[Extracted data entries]
***

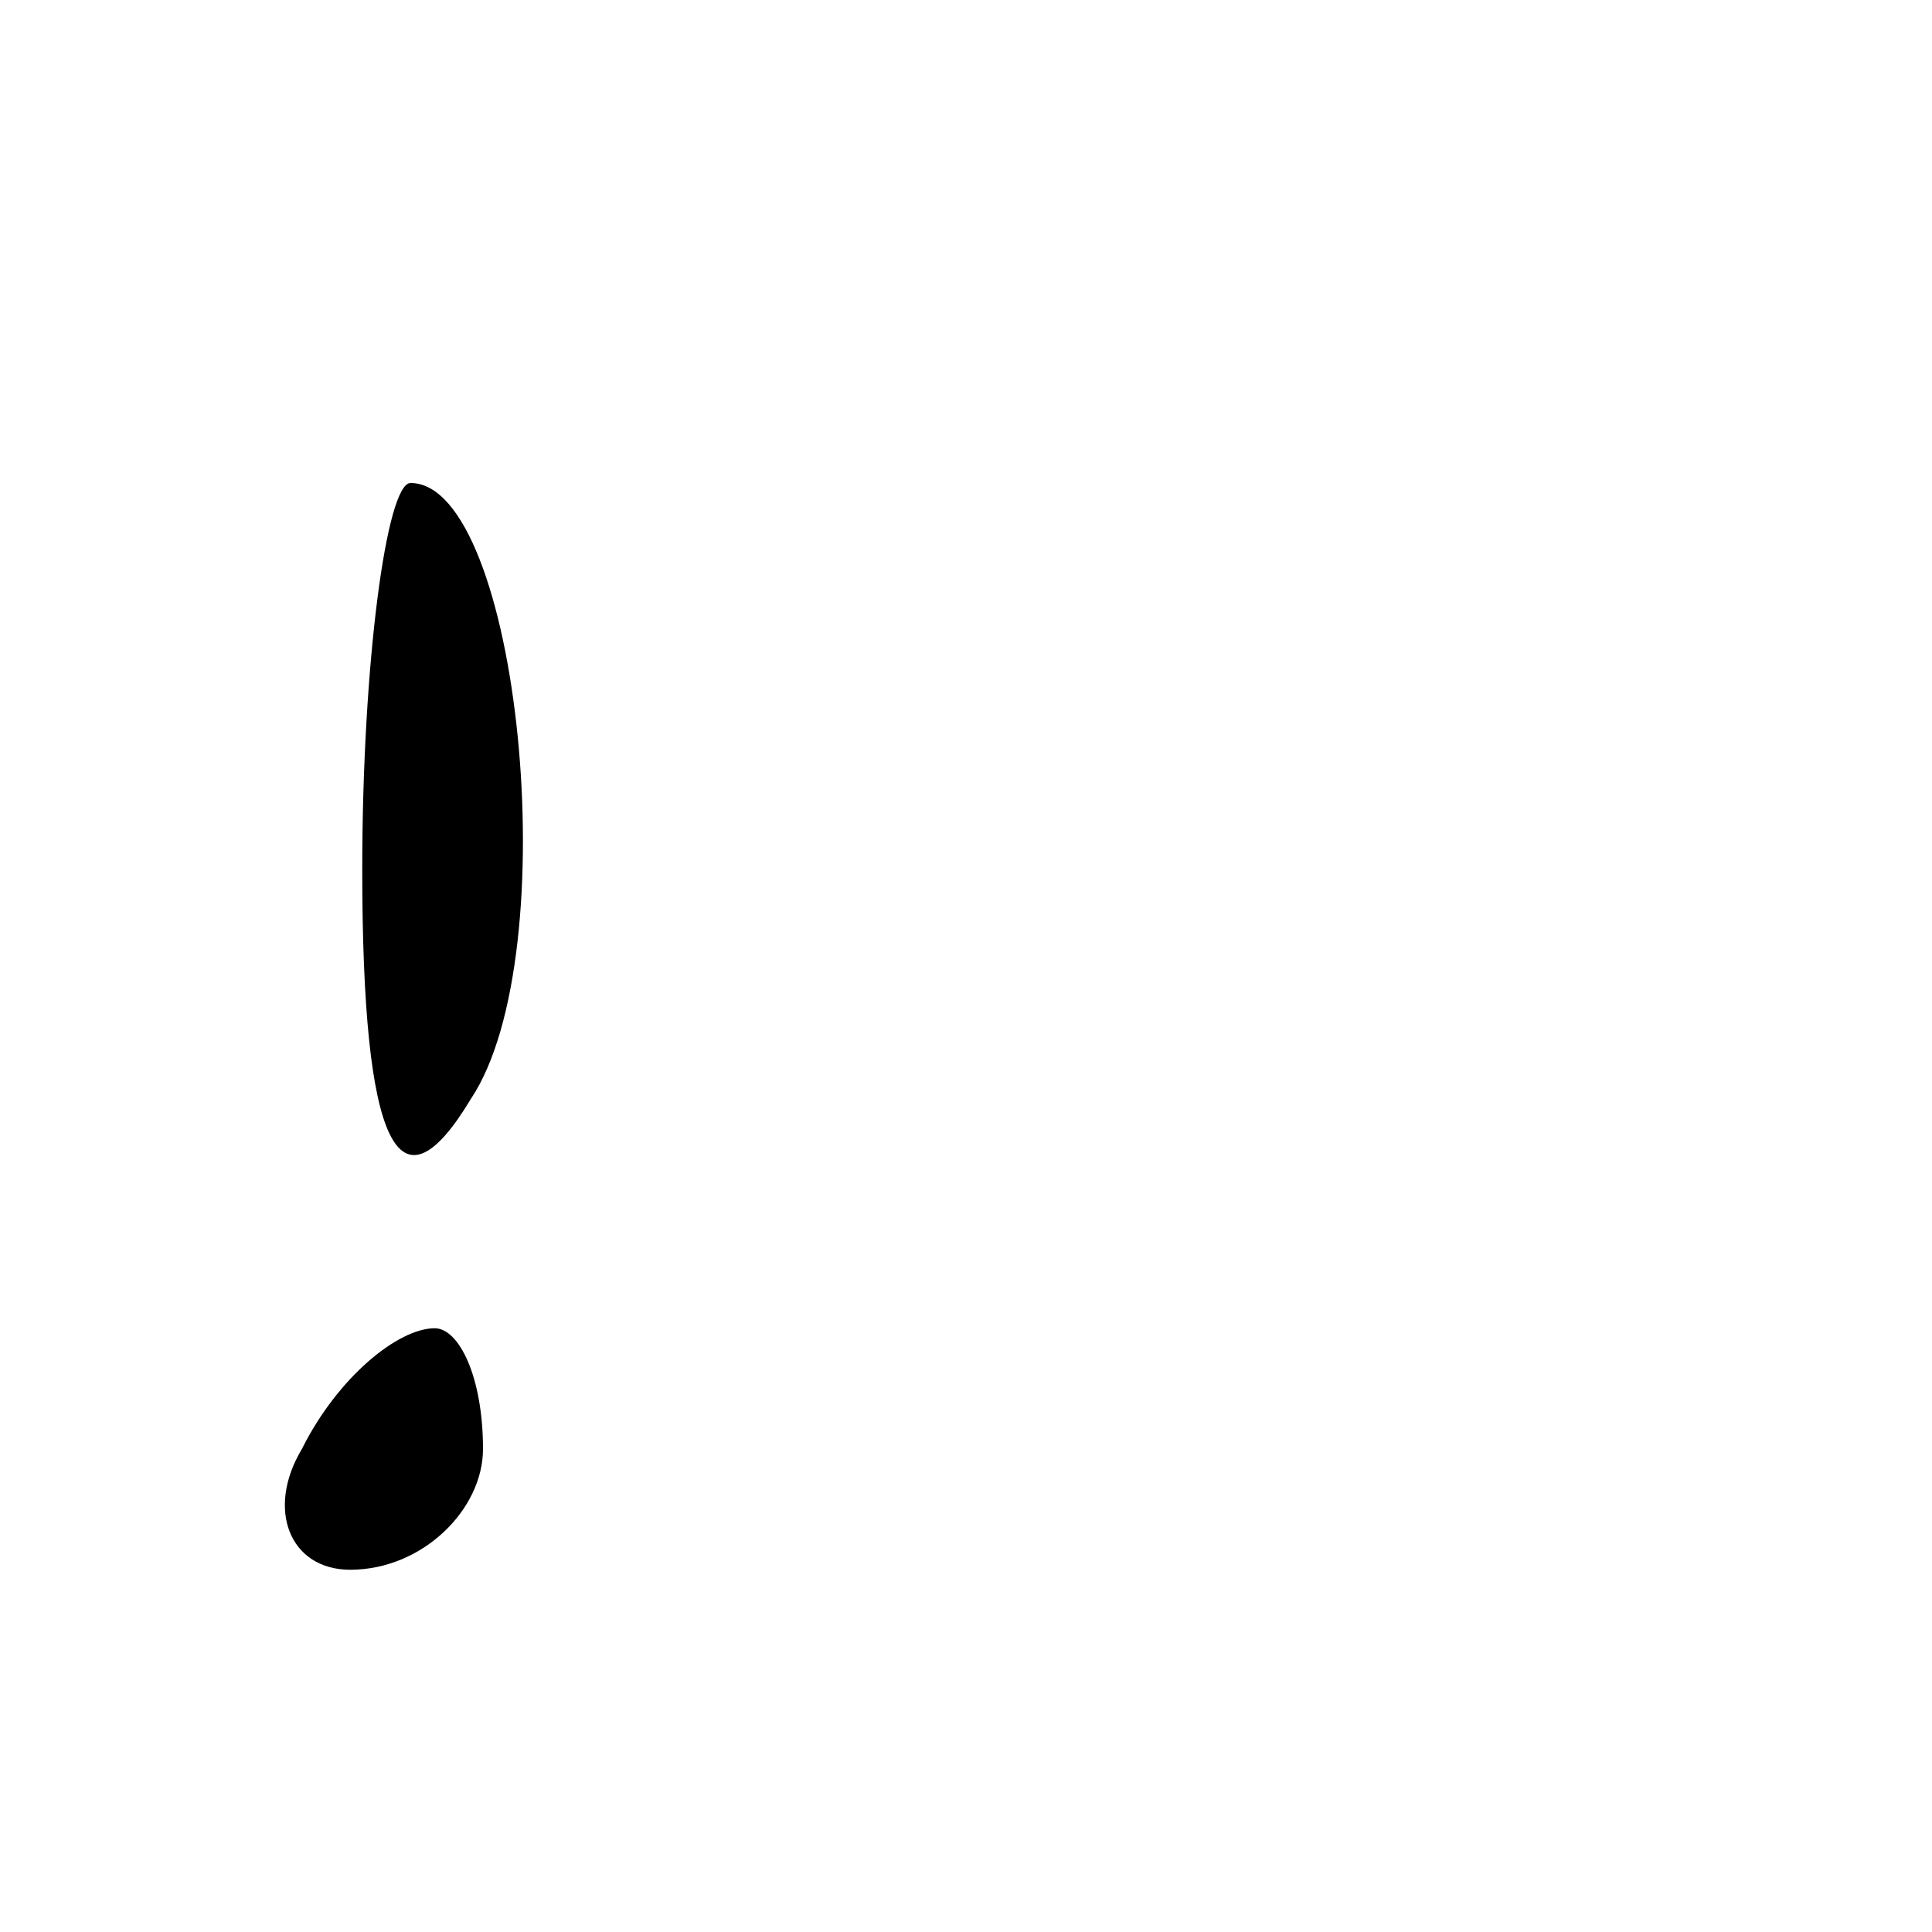 <svg preserveAspectRatio="xMidYMid meet" viewBox="0 0 16 16" height="16pt" width="16pt" xmlns="http://www.w3.org/2000/svg" version="1.0">

<g stroke="none" fill="#000000" transform="translate(0,16) scale(0.1,-0.1)">
<path d="M30 88 c0 -23 3 -29 9 -19 8 12 4 51 -5 51 -2 0 -4 -15 -4 -32z"></path>
<path d="M25 40 c-3 -5 -1 -10 4 -10 6 0 11 5 11 10 0 6 -2 10 -4 10 -3 0 -8
-4 -11 -10z"></path>
</g>
</svg>

***

[Assigned task] Set down every entry above without alteration, but print no images.

[Exercise answer]
 <svg preserveAspectRatio="xMidYMid meet" viewBox="0 0 16 16" height="16pt" width="16pt" xmlns="http://www.w3.org/2000/svg" version="1.0">

<g stroke="none" fill="#000000" transform="translate(0,16) scale(0.1,-0.1)">
<path d="M30 88 c0 -23 3 -29 9 -19 8 12 4 51 -5 51 -2 0 -4 -15 -4 -32z"></path>
<path d="M25 40 c-3 -5 -1 -10 4 -10 6 0 11 5 11 10 0 6 -2 10 -4 10 -3 0 -8
-4 -11 -10z"></path>
</g>
</svg>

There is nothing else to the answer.